(2) 1. DUBOIS, Guillaume (1656-1723)
Birth. September 6, 1656, in rue des Sœurs no. 24, Brive la Gaillarde, Corrèze, diocese of Limoges, France. Second of the four children of Jean Dubois, a physician and apothecary, and Marie Joyet de Chaumont (1). The other siblings were Joseph, Jean and Jeanne. His last name is also listed as Du Bois.
Education. He received the clerical tonsure on November 28, 1669, from Bishop François de La Fayette of Limoges; then, he attended the school of the Fathers of the Christian Doctrine, Brive la Gaillarde, where he was a distinguished student (classics); he started studying at Collège Saint-Michel, Paris, in November 1672; he never again returned to Brive; obtained a doctorate in utroque iure, both canon and civil law.
Early life. He did private tutoring for nine years to support himself. At the recommendation of M. Faure, director of Collège Saint-Michel, he became sub-preceptor of Philippe, duke of Chartres, nephew of King Louis XIV, on June 15, 1683; the preceptor was M. de Saint-Laurent; he was named full preceptor on September 30, 1687. In 1698, he was part of the extraordinary embassy to England to negotiate the succession to the Spanish throne; the embassy was headed by Camille de la Baume d'Holstun, count de Tallard; he returned to Paris from London the following May 29; in London he made valuable ties. Secretary to the duke of Chartres when he became duke of Orléans, in 1700; all advancements in his career were due to his friendship with the duke. Abbé Dubois accompanied the duke in his campaigns in Italy and Spain. When the duke of Orléans was removed from his military post by King Louis XIV on April 28, 1705, he returned, with his former preceptor to France. Abbé Dubois spent long periods of time away from Paris; in 1713, he spent the entire year in his abbey of Airvaux, in Potiers. King Louis XIV died on September 1, 1715. The duke of Orléans became the regent during the minority of King Louis XV. Abbé Dubois became state councilor on January 1, 1716. In that year, he secured an alliance between France and England against Spain; Holland joined the alliance in 1717; and Austria in 1718 (the Quadruple Alliance). At that time, Cardinal Giulio Alberoni was the prime minister of Spain. Named councilor for foreign affairs, March 26, 1717. Secretary of the Royal Cabinet, April 11, 1717. Minister and secretary of State for foreign affairs, September 24, 1718.

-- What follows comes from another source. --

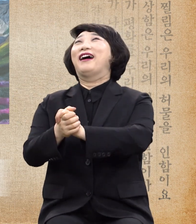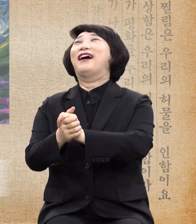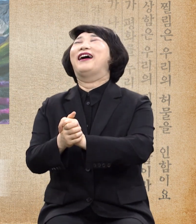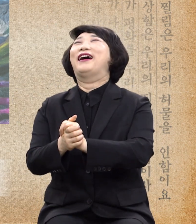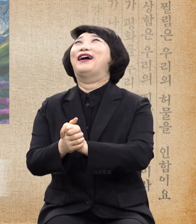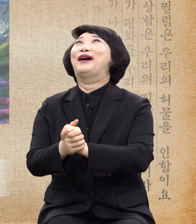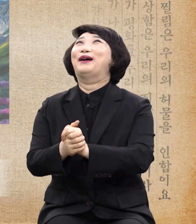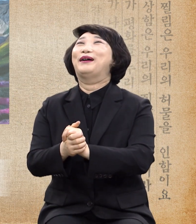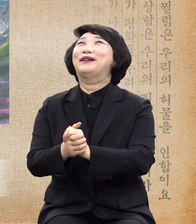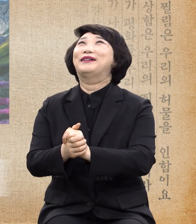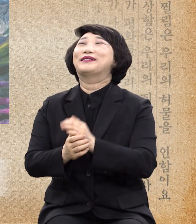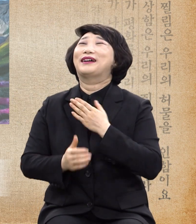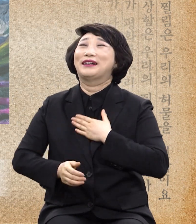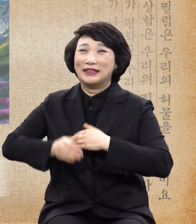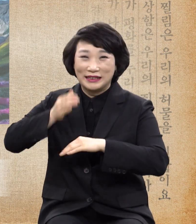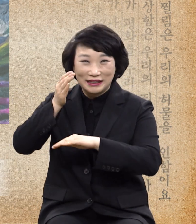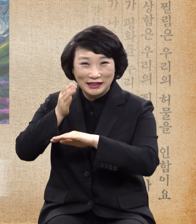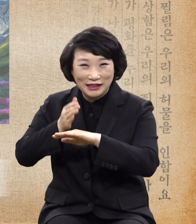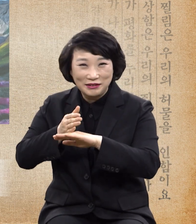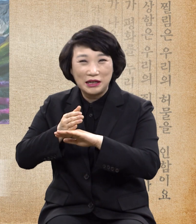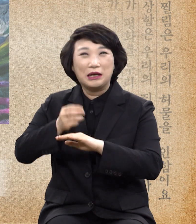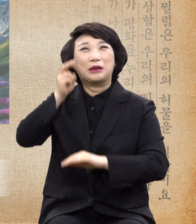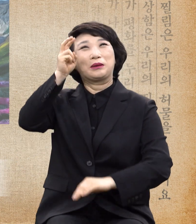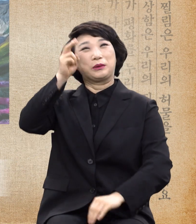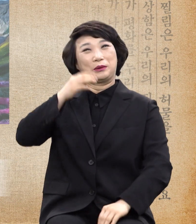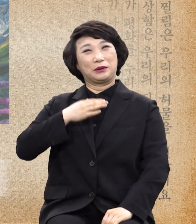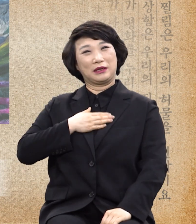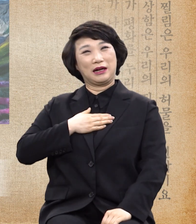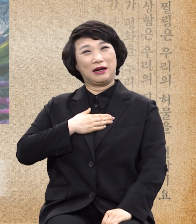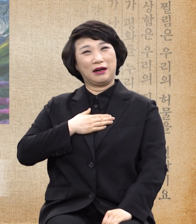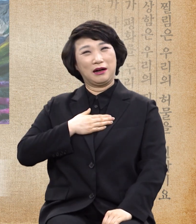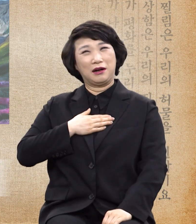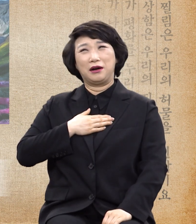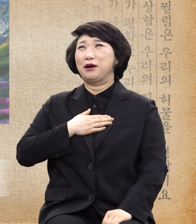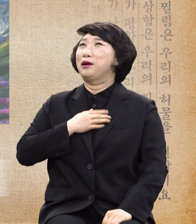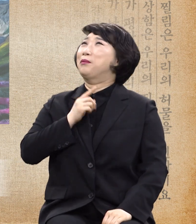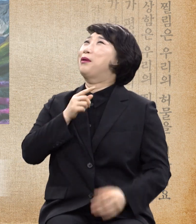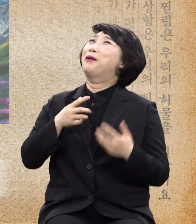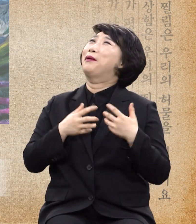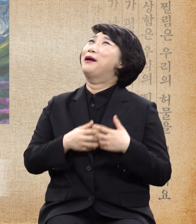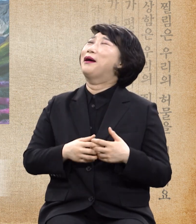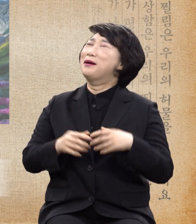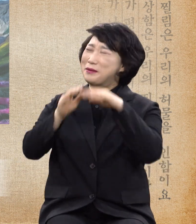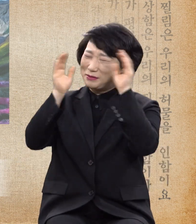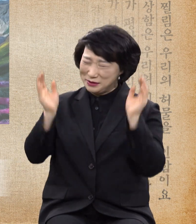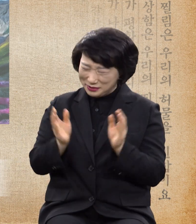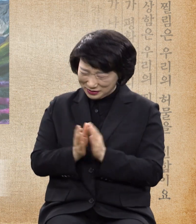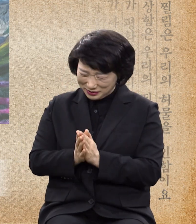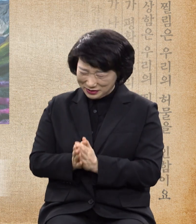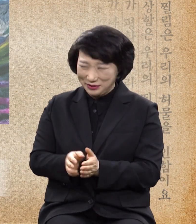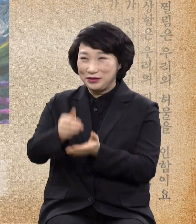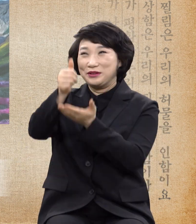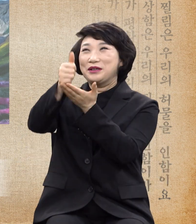얼마나 감사할까. 나는 할 말이 없어. 다 주님의 은혜니까.

Sacred orders. On Saturday February 24, 1720, in Chanteloup, he received the minor orders and the subdiaconate from Bishop Louis de La Vergne de Tressan of Nantes; and on the following day, the diaconate.

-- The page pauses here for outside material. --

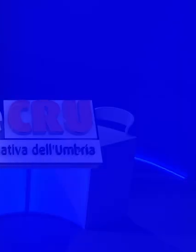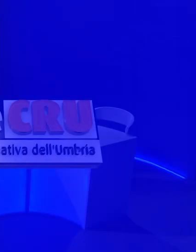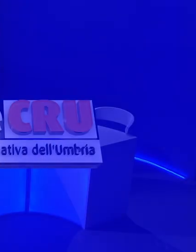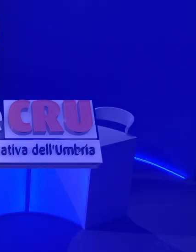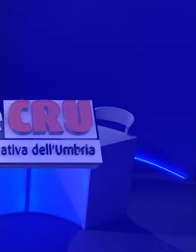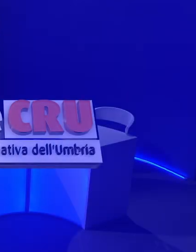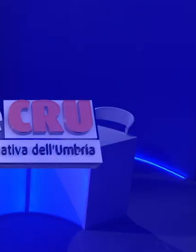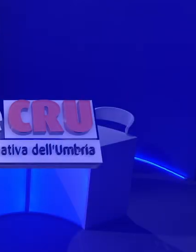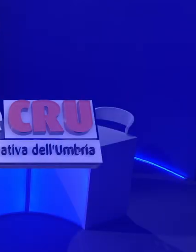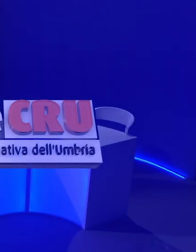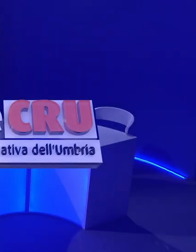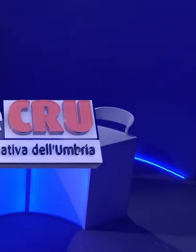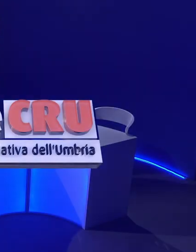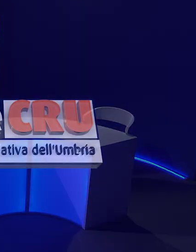Grazie per

Priesthood. Ordained, March 3, 1720, by Bishop Louis de La Vergne de Tressan of Nantes.
Episcopate. Elected archbishop of Cambrai, May 6, 1720. On June 4, 1720, he entered in a retreat to prepare praying and meditating for his episcopal consecration. Consecrated, June 9, 1720, church of Val de Grâce, Paris, by Cardinal Armand-Gaston de Rohan, bishop of Strassbourg, assisted by Louis de La Vergne de Tressan, bishop of Nantes, and by Jean-Baptiste Massillon, bishop of Clermont. In December 1720, he obtained the registry of the anti-Jansenist papal constitution Unigenitus Dei Filius.
Cardinalate. Created cardinal priest in the consistory of July 16, 1721; with an apostolic brief of July 24, 1721, the pope sent him the red biretta; he never went to Rome to receive the red hat and the title. In 1721, after military hostilities, Spain signed and alliance with France. In that same year, the cardinal was achieved peace with Sweden, Denmark and Russia. Named superintendent des postes, October 1721. Member of the Council of Regency, and soon after, ministre principal (prime minister), August 22, 1722. Member of the Académie Française, November 26, 1722. President of the Assembly of the Clergy, May 30, 1723. When King Louis XV was declared of age on February 15, 1723, Cardinal Dubois continued occupying all his posts. Because of his humble origin, strong opposition to Jansenism, and reversal of the aristocratic regime prevalent under King Louis XIV, he was disliked by the nobility. His ecclesiastical career left a great deal to be desired. Although there is no proof of the prevalent assertion that he got secretly married, his licentiousness, and notorious impiety, even at the time of his death, make it evident that he pursued and used ecclesiastical dignities principally to enhance his political position and prestige (2).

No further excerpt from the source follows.